Kafka real combat: how to reduce Kafka message delay by 10 times per second



A large domestic tax system, business application distributed cloud transformation.

Business challenges
Kafka real combat: how to reduce Kafka message delay by 10 times per second

As shown in the figure above, it is a concurrent access model that simulates the business web pages of customers. The user clicks on the page to generate an HTTP request. When the request is sent to the business production process, a delivery thread will be started to call Kafka’s SDK interface, and three messages will be sent to DMS (distributed message service). The size of each message is 3K. The request response will not be returned until all three messages are processed. When the message reaches the DMS, the business consumption process calls Kafka’s consumption interface to take out the message, and then puts each message into a response thread for processing. After the response thread finishes processing, it notifies the delivery thread through HTTP request, and the delivery thread returns the response after receiving the response.

The delay of 100 concurrent access is 500ms, which fails to meet the user’s business requirements

Customers put forward clear requirements: each two core ECS should be able to support 100 concurrent visits, and the end-to-end delay range of each message is tens of milliseconds, that is, the time from the beginning of producer sending to receiving consumer response. After using the Kafka queue of DMS, the delay reaches about 500ms when the concurrent access is 100, even the delay reaches second level, which is far from meeting the customer’s business demands. Comparatively speaking, customers use their own native Kafka in the pod area, and the test delay is only about 10 ~ 20ms when the concurrent access is 100. So the question is, under the condition of the same concurrent traffic, why is the delay so different between the Kafka queue in DMS and the native Kafka queue in pod? Mr. Peng, our DMS architect, has perfectly solved this customer problem after a series of analysis on this delay problem. Let’s take a look at his mental journey.

Analysis of difficult problems

According to the simulated customer service model, Mr. Peng has also constructed a test program on Huawei cloud production environment, and also simulated and constructed 100 concurrent visits. Through the test, it is found that the average delay time obtained by pressure test on Huawei cloud production environment is about 60ms. What’s the difference between the delay value of class production and that measured by customers in real production environment? The problem has become complicated.

Mr. Peng made a quick decision and decided to run the constructed test program on Huawei cloud now network to see what the reason is. At the same time, the same test program is deployed on the client’s ECS server to simulate the construction of 100 concurrency. The comparison table of delay results is as follows:
Kafka real combat: how to reduce Kafka message delay by 10 times per second

Table 1 time delay comparison between Huawei cloud network and similar production environment

From the results of the delay comparison table, Mr. Peng found that even under the same concurrent pressure, the delay of Huawei cloud network is much worse than that of similar production. Mr. Peng realized that there are two problems to be analyzed: why is the delay of Huawei cloud network worse than that of similar production? How to solve the problem that the delay performance of DMS Kafka queue is worse than that of native Kafka queue? Mr. Peng made the following analysis:

Delay Analysis

The essence of regression problem is how the delay of DMS Kafka queue is generated? What are the controllable end-to-end delays? Mr. Peng gave the following formula

Total delay = queue delay + send delay + write delay + copy delay + pull delay

Queue entry delay: the time taken for a message to enter the queue of the sending partition after entering the Kafka SDK, and then to be sent after the message is packaged.

Sending delay: the time when a message is sent from the producer to the server.

Write delay: the time when a message is written to the Kafka leader.

Replication delay: consumers can only consume messages below the high water level (that is, messages saved by multiple replicas), so the time from the message being written to Kafka leader, to all replicas being written to the message, until it rises to the high water level is the delay of message replication.

Pull delay: the time taken by consumers to pull data in pull mode.

(1) Queue time delay

Which part of the current network has the greatest delay?

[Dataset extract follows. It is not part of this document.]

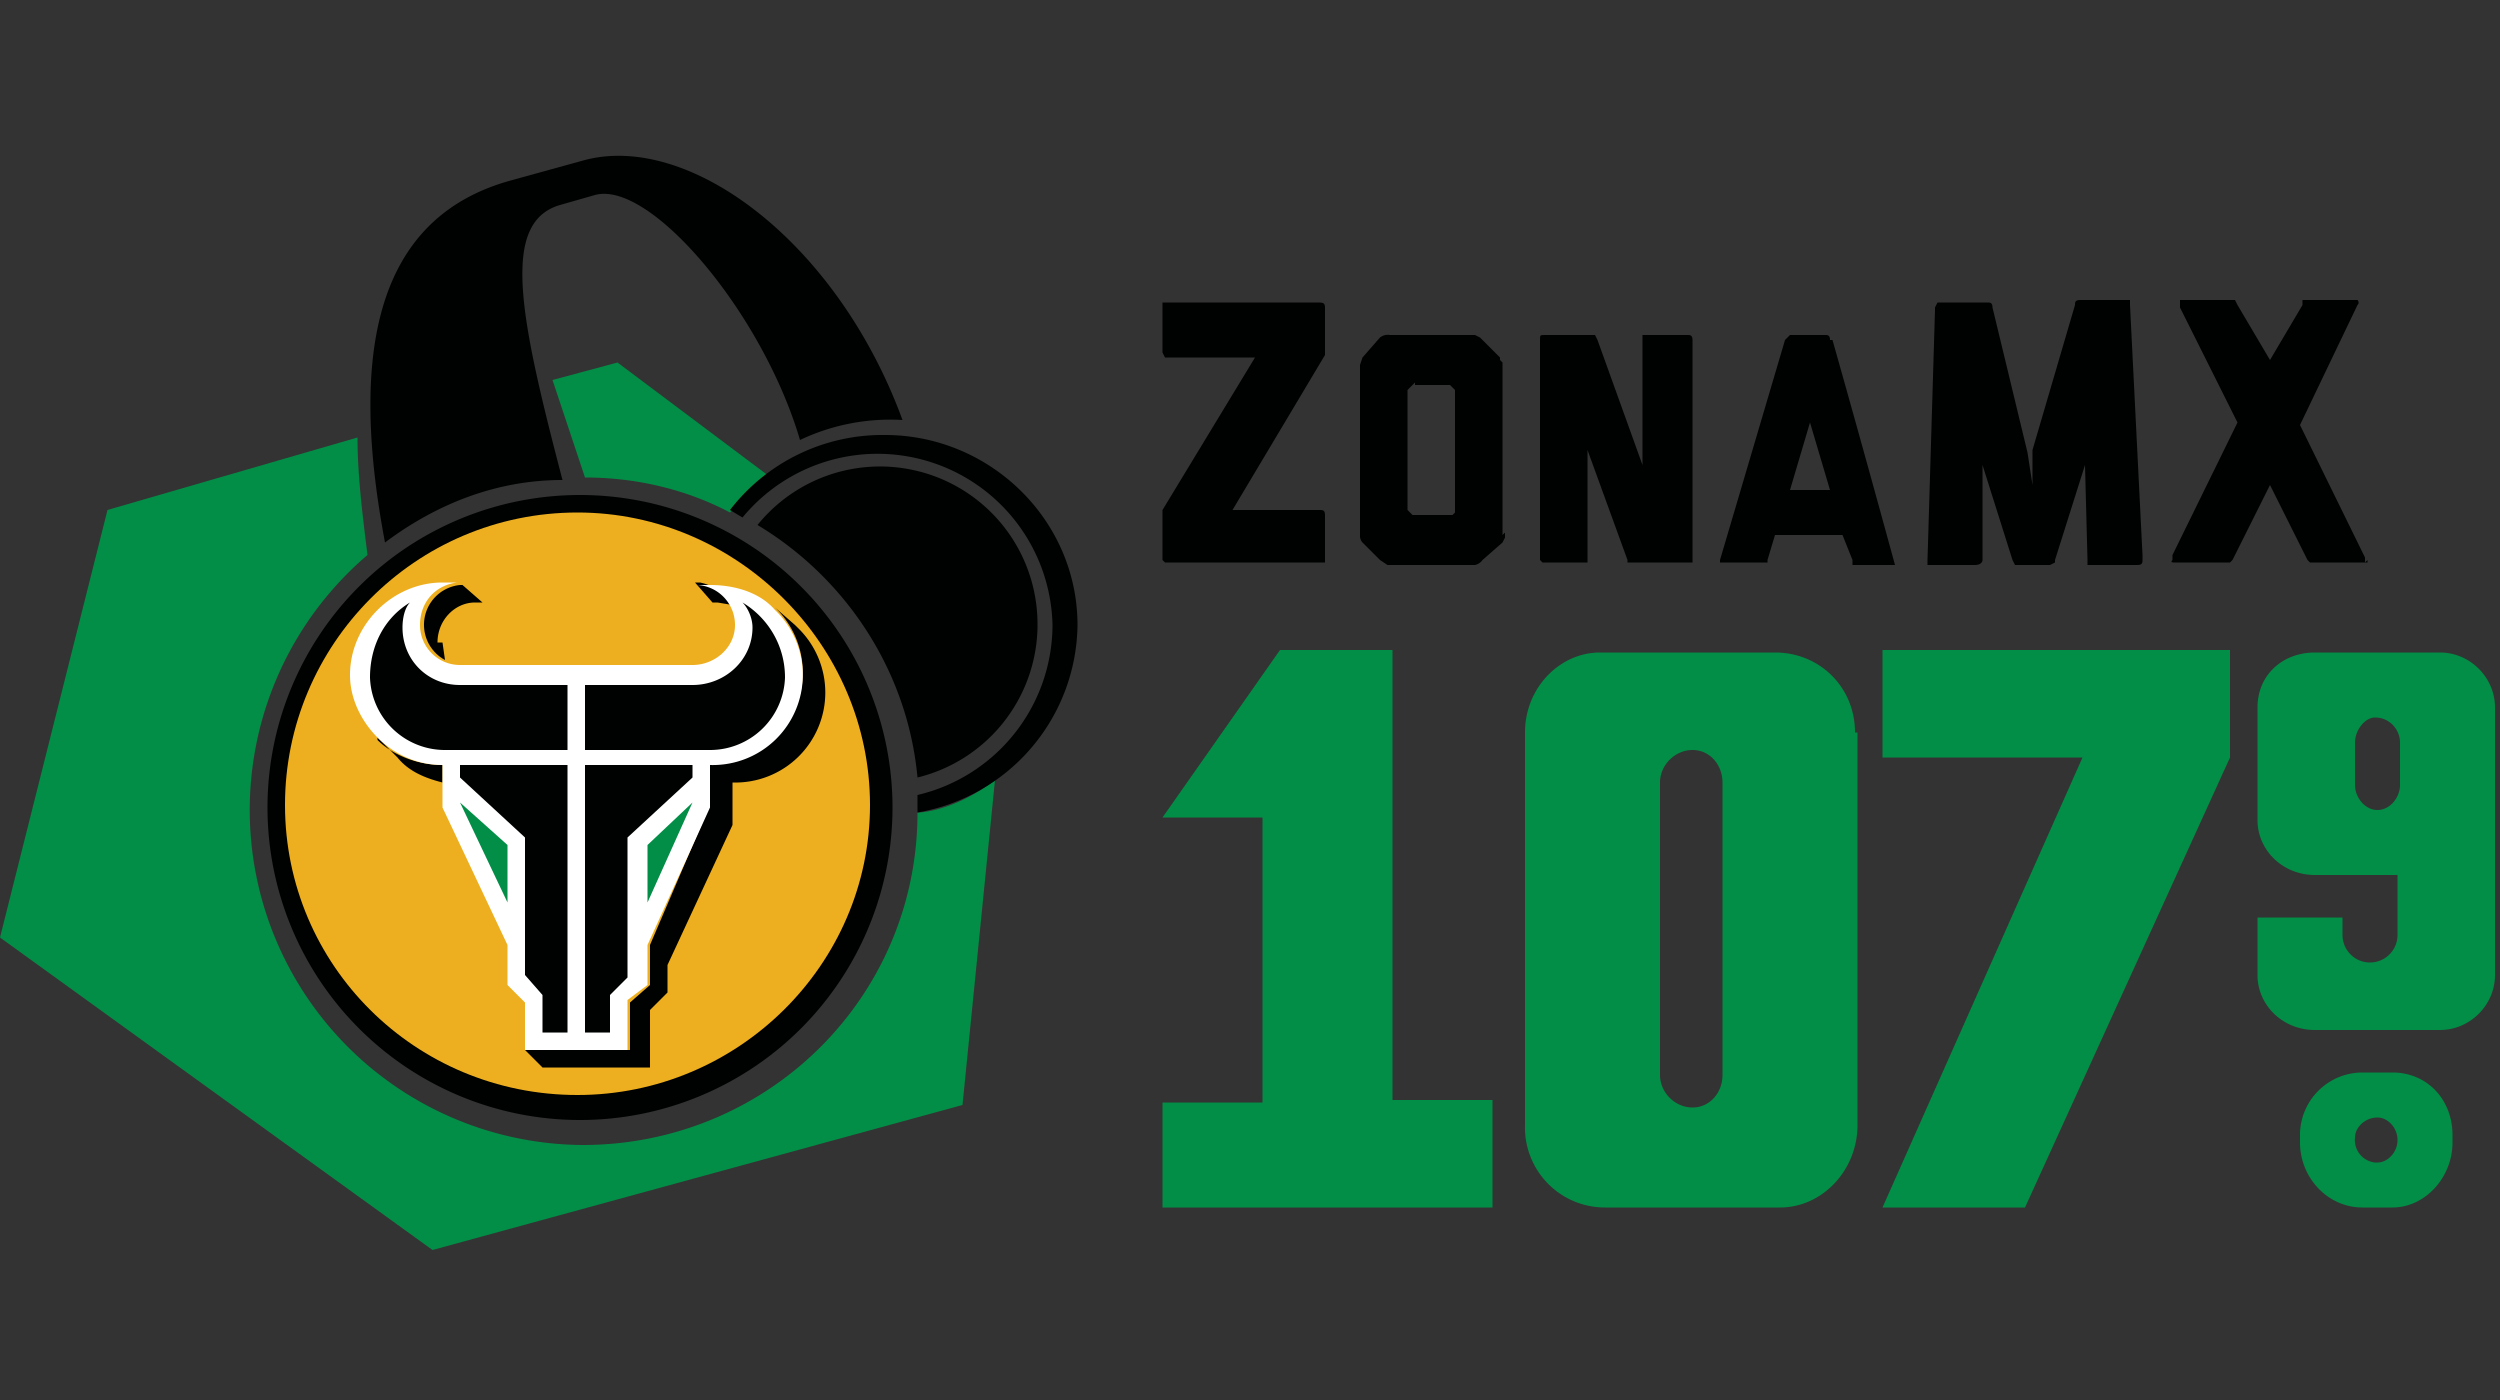 <svg width="100" height="56" xmlns="http://www.w3.org/2000/svg"><rect width="100%" height="100%" fill="#333333" stroke="none"/><g fill="none" fill-rule="evenodd"><path d="M36.7 32.5c0 7.4-6 13.3-13.4 13.3a13.4 13.4 0 0 1-8.6-23.6c-.2-1.6-.4-3.2-.4-4.7l-10 2.9L0 37.5 17.3 50l21.2-5.8 1.3-13c-.9.7-2 1.2-3 1.3m-7.6-12c-1.7-.9-3.7-1.4-5.8-1.4l-1.3-3.9 2.6-.7 6 4.5-1.5 1.5" fill="#028E46" fill-rule="nonzero"/><path d="M23.2 19.8a12.5 12.5 0 0 0 0 25 12.5 12.5 0 0 0 0-25M41.5 25a6.3 6.3 0 0 0-11.2-4c3.5 2.1 6 5.8 6.4 10.1a6.3 6.3 0 0 0 4.8-6m-6.1-7.7a7.7 7.7 0 0 0-6.2 3l.5.3A7 7 0 0 1 42.1 25a7 7 0 0 1-5.4 6.8v.7a7.7 7.7 0 0 0 6.4-7.5c0-4.2-3.5-7.6-7.7-7.6m-3.4.2c-1.5-5.1-6-10.4-8.2-9.8l-1.4.4c-2.4.7-1.6 4.5.1 11-2.7 0-5.1 1-7.1 2.5-1.4-7.4-.5-13 5.1-14.5l2.9-.8c4.2-1.1 10.1 3.3 12.7 10.4a8.4 8.4 0 0 0-4.1.8" fill="#000101" fill-rule="nonzero"/><path d="M34.8 32.2c0 6.4-5.3 11.6-11.7 11.6-6.5 0-11.7-5.2-11.7-11.6 0-6.4 5.2-11.7 11.7-11.7 6.4 0 11.7 5.3 11.7 11.7" fill="#EDAF1F"/><path d="M15.1 29.5l.8.8c.4.5 1 .8 1.8 1v-.7c-1 0-2-.4-2.6-1M31.8 25l-.8-.7a3.6 3.6 0 0 1-2.6 6.2v1.7L26 37.8v1.6l-.8.7V42H21l.7.7H26v-2.3l.7-.7v-1.1l2.6-5.6v-1.7a3.6 3.6 0 0 0 2.6-6.2m-3.2-1l.6.1c-.3-.5-.8-.8-1.3-.9h-.2l.7.8h.2m-11 1.6l.1.7a1.6 1.6 0 0 1 .6-3h.1l.8.7H19c-.8 0-1.5.7-1.5 1.6" fill="#000101" fill-rule="nonzero"/><path d="M14 27c0 1 .5 1.9 1.1 2.5.7.7 1.6 1.1 2.6 1.1v1.7l2.6 5.5v1.6l.7.7V42h4.1v-2l.8-.6v-1.6l2.5-5.5v-1.7a3.6 3.6 0 0 0 2.6-6.2c-.6-.7-1.6-1-2.6-1h-.7.2a1.6 1.6 0 0 1 1.5 1.6c0 .9-.8 1.6-1.7 1.6h-9.3a1.6 1.6 0 0 1-1.6-1.6c0-.9.6-1.6 1.5-1.7h.1-.7c-2 0-3.7 1.7-3.7 3.7" fill="#FFF"/><path d="M21 39l.7.8v1.5h1V30.6h-4.3v.5l2.6 2.4v5.6zm4.1-5.5l2.6-2.4v-.5h-4.3v10.7h1v-1.5l.7-.7v-5.6zM17.7 30h5v-2.6h-4.3c-1.3 0-2.3-1-2.3-2.3 0-.4.1-.8.3-1-1 .6-1.6 1.7-1.6 3a3 3 0 0 0 3 2.9zm10.7 0h-5v-2.6h4.3c1.3 0 2.4-1 2.4-2.3 0-.4-.2-.8-.4-1 1 .6 1.7 1.7 1.7 3a3 3 0 0 1-3 2.9z" fill="#000101" fill-rule="nonzero"/><path d="M20.3 36v-2.2l-1.9-1.7 1.9 4zm5.6 0v-2.2l1.8-1.7-1.8 4z" fill="#028E46" fill-rule="nonzero"/><path d="M53 14.2l-3.7 6.2h3.5c.1 0 .2 0 .2.2V22.5h-6.3-.1l-.1-.1v-1.8-.2l3.7-6.1h-3.5-.1l-.1-.2v-1.8-.2h6.2c.2 0 .3 0 .3.2V14.2" fill="#000101"/><path d="M56.6 15.3l-.3.3v4.8l.2.2h1.6l.1-.1v-4.8-.1l-.2-.2h-1.4zm3.6 6v.2l-.1.2-.8.7a.5.5 0 0 1-.3.2h-3.4-.1l-.3-.2-.7-.7a.4.4 0 0 1-.1-.3v-6.8l.1-.3.7-.8a.5.5 0 0 1 .4-.1H59l.2.1.8.8v.1l.1.1V21.4z" fill="#000101" fill-rule="nonzero"/><path d="M67.7 13.6v8.9H65.3h-.2v-.1L63.5 18v4.5H61.8h-.1l-.1-.1v-8.8c0-.2 0-.2.2-.2h2l.1.2 1.8 5v.2-5.2-.2h1.8c.1 0 .2 0 .2.2" fill="#000101"/><path d="M73.2 19.6l-.8-2.7-.8 2.7h1.6zm.1-6a1017.3 1017.3 0 0 1 2.5 9h-1.6-.1v-.2l-.4-1H71l-.3 1v.1H69h-.2v-.1l2.6-8.8.2-.2H73c.1 0 .2 0 .2.2z" fill="#000101" fill-rule="nonzero"/><path d="M85.7 22.4c0 .1 0 .2-.2.2h-1.8-.2v-.2l-.1-3.8-1.2 3.8v.1l-.2.1h-1.3-.1l-.1-.2-1.2-3.8v3.8c0 .1-.1.2-.3.2h-1.8-.1v-.2l.3-10v-.1l.1-.2h2c.1 0 .2 0 .2.2l1.4 5.8.2 1.3V18l1.7-5.8c0-.1 0-.2.2-.2h2v.2l.5 10zM94.7 22.4v.1h-2.2-.1l-.1-.1-1.5-3-1.5 3-.1.1H87c-.1 0-.2 0-.1-.1v-.2l2.6-5.3-2.3-4.6V12h2.2l.1.2 1.3 2.2 1.3-2.2V12h2.2s.1.1 0 .2L92 17l2.6 5.3v.2" fill="#000101"/><path d="M55.8 26h-4.6l-4.7 6.7h4v11.4h-4v4.2h13.2V44h-4V26zm13.1 5.3c0-.7-.5-1.3-1.2-1.3s-1.3.6-1.3 1.3V43c0 .7.6 1.3 1.3 1.3.7 0 1.2-.6 1.2-1.3V31.3zm5.4-2V45c0 1.8-1.4 3.3-3.1 3.3h-7A3.2 3.2 0 0 1 61 45V29.3c0-1.8 1.4-3.2 3-3.2h7c1.8 0 3.2 1.4 3.2 3.2zM96 29.7c0-.5-.4-1-1-1-.4 0-.8.5-.8 1v1.7c0 .5.4 1 .9 1s.9-.5.9-1v-1.7zm3.8-1.4V39c0 1.2-1 2.2-2.2 2.2h-5c-1.3 0-2.3-1-2.3-2.2v-2.3h3.4v.7a1.1 1.1 0 0 0 2.2 0V35h-3.3c-1.3 0-2.3-1-2.3-2.2v-4.5c0-1.3 1-2.2 2.3-2.2h5c1.2 0 2.2 1 2.2 2.2zM95 46.5a.9.9 0 0 1-.8-1c0-.4.4-.8.9-.8.4 0 .8.4.8.9s-.4.9-.8.9m.6-3.6h-1.2a2.5 2.5 0 0 0-2.5 2.5v.3c0 1.4 1.1 2.6 2.5 2.6h1.2c1.3 0 2.4-1.2 2.4-2.6v-.3c0-1.4-1-2.5-2.4-2.5" fill="#028E46" fill-rule="nonzero"/><path fill="#028E46" d="M75.3 26v4.3h8l-8 18H81l8.2-18V26z"/></g></svg>

Through our program, we can see that the delay of waiting in the queue is very large, as shown in the following figure:
Kafka real combat: how to reduce Kafka message delay by 10 times per second

That is, messages are waiting in the queue of the production side, there is no time to send!

Let’s look at other delay analysis. Because it can’t be tested in the existing network, we have tested the same pressure in class production, and the other delays are as follows:

(2) Replication delay

The following is class production environment test 1 and issued
Kafka real combat: how to reduce Kafka message delay by 10 times per second

From the perspective of logs, replication delay is included in remotetime. Of course, this time also includes the slow write delay of producers. However, to a certain extent, replication delay is also a factor to improve performance delay.

(3) Write delay

Because users use high throughput queues and write to disks asynchronously, we can see from the logs that the write latency is very low (Localtime), so we can judge that it is not a bottleneck

Transmission delay and pull delay are related to network transmission. This optimization is mainly determined by adjusting TCP parameters.